Take the lines in the listing below from the line with "The image shows 27" up to and including the line with "The image shows 51" and set them down exactly, skipping pictures and adding nothing.

Listed records:
·····

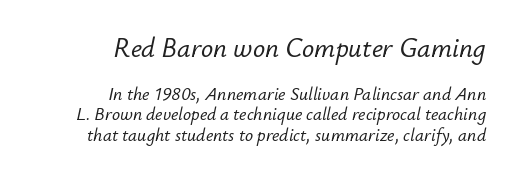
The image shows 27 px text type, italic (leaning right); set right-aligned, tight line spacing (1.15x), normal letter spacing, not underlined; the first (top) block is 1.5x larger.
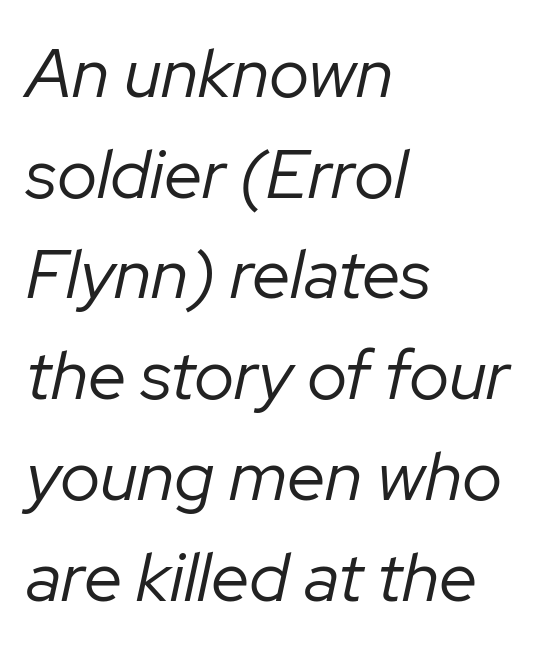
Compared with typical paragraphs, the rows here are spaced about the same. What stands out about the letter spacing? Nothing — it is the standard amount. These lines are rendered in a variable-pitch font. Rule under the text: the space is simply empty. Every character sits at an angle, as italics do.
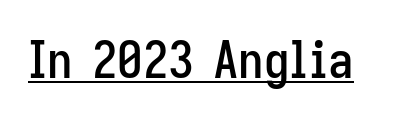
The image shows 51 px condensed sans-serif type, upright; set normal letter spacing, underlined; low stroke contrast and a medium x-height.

·····

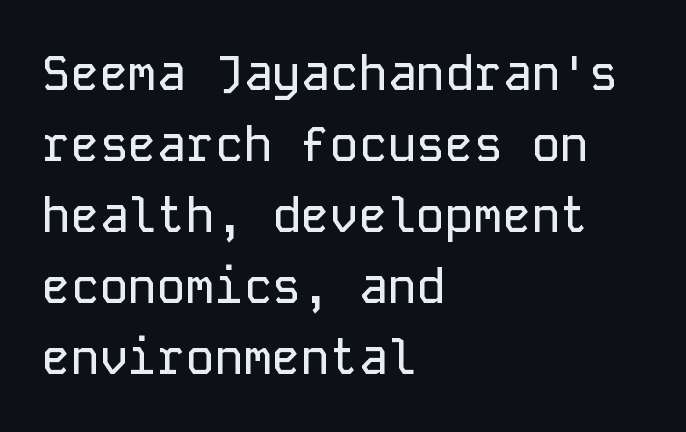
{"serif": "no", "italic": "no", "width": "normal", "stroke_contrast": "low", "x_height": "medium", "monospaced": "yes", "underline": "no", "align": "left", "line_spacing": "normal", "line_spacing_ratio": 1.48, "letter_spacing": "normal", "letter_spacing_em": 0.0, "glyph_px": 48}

·····

Written solution:
The image shows 27 px text type, italic (leaning right); set right-aligned, tight line spacing (1.15x), normal letter spacing, not underlined; the first (top) block is 1.5x larger.
Compared with typical paragraphs, the rows here are spaced about the same. What stands out about the letter spacing? Nothing — it is the standard amount. These lines are rendered in a variable-pitch font. Rule under the text: the space is simply empty. Every character sits at an angle, as italics do.
The image shows 51 px condensed sans-serif type, upright; set normal letter spacing, underlined; low stroke contrast and a medium x-height.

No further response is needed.